# Instructions to follow:
With both ends included, repeat exactly the lines of the entries below from the one containing "to wszystko można" down to the one containing "E então, Jesus", and no others.

--- Supplied data ---

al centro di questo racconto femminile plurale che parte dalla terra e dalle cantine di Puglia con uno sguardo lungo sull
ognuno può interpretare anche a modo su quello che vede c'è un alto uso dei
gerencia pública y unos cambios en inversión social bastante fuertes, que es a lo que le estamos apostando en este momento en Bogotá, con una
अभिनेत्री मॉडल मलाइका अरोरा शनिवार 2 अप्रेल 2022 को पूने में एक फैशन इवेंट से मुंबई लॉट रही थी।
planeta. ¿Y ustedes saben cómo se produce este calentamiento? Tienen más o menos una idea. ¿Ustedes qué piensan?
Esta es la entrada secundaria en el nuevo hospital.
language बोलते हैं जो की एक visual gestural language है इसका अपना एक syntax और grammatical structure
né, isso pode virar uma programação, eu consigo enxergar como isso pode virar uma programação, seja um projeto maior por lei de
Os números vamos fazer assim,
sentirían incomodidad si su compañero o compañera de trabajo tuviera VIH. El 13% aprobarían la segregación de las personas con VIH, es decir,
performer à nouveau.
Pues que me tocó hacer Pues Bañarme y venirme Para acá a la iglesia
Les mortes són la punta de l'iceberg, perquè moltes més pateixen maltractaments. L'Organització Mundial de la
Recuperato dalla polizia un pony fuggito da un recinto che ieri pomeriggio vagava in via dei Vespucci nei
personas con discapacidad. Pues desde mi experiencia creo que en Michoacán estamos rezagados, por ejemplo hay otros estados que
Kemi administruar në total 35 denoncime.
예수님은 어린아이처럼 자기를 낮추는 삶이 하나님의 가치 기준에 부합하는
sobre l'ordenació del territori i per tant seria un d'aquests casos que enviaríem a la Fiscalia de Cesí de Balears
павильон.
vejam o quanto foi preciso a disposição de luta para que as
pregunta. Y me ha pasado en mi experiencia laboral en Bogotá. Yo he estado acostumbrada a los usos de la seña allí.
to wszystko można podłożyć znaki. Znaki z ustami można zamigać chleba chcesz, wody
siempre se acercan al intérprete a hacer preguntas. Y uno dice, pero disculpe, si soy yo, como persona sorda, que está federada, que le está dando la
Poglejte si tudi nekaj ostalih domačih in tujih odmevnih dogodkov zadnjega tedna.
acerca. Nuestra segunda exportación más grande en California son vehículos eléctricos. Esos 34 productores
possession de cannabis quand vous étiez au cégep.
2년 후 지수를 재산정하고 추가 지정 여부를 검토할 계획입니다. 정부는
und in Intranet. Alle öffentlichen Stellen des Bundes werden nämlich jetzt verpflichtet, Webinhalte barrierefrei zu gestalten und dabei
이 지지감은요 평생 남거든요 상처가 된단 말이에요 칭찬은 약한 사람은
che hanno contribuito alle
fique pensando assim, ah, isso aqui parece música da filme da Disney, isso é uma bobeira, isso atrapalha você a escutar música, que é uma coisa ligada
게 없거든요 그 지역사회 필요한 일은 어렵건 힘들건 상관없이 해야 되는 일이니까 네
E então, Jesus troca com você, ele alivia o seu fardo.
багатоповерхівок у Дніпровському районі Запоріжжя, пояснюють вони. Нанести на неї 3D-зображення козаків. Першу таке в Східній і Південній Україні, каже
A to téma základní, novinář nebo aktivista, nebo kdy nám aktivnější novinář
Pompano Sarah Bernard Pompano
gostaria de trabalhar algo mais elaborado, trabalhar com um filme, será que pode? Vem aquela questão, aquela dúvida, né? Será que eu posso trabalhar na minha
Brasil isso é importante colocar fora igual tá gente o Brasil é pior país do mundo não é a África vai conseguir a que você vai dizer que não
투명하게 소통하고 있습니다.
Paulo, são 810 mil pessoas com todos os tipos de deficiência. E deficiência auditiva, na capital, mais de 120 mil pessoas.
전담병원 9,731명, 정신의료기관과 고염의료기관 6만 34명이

---

# Solution for this exercise:
to wszystko można podłożyć znaki. Znaki z ustami można zamigać chleba chcesz, wody
siempre se acercan al intérprete a hacer preguntas. Y uno dice, pero disculpe, si soy yo, como persona sorda, que está federada, que le está dando la
Poglejte si tudi nekaj ostalih domačih in tujih odmevnih dogodkov zadnjega tedna.
acerca. Nuestra segunda exportación más grande en California son vehículos eléctricos. Esos 34 productores
possession de cannabis quand vous étiez au cégep.
2년 후 지수를 재산정하고 추가 지정 여부를 검토할 계획입니다. 정부는
und in Intranet. Alle öffentlichen Stellen des Bundes werden nämlich jetzt verpflichtet, Webinhalte barrierefrei zu gestalten und dabei
이 지지감은요 평생 남거든요 상처가 된단 말이에요 칭찬은 약한 사람은
che hanno contribuito alle
fique pensando assim, ah, isso aqui parece música da filme da Disney, isso é uma bobeira, isso atrapalha você a escutar música, que é uma coisa ligada
게 없거든요 그 지역사회 필요한 일은 어렵건 힘들건 상관없이 해야 되는 일이니까 네
E então, Jesus troca com você, ele alivia o seu fardo.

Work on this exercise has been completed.